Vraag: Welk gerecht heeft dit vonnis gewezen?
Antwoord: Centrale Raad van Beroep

--

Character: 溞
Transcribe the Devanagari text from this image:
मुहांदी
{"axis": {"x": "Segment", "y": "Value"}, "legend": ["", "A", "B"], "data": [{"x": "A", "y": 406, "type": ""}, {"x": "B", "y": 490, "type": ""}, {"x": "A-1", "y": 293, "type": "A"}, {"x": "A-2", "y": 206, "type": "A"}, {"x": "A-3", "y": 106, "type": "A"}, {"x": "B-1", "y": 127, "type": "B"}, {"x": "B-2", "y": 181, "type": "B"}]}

--

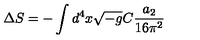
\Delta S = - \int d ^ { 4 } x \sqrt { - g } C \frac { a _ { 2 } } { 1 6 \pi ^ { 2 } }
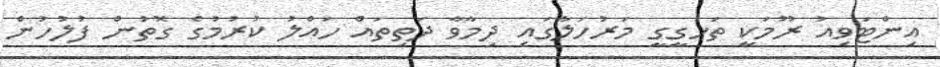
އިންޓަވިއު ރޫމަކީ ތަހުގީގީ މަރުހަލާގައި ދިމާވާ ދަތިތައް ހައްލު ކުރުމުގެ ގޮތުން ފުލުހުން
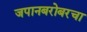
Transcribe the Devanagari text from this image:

§ **What is being asked**
Output the lines above exactly, but only those between the line holding "Vraag: Welk gerecht heeft dit vonnis gewezen?" and the line holding "Antwoord: Centrale Raad van Beroep", inclusive.

§ **Response area**
Vraag: Welk gerecht heeft dit vonnis gewezen?
Antwoord: Centrale Raad van Beroep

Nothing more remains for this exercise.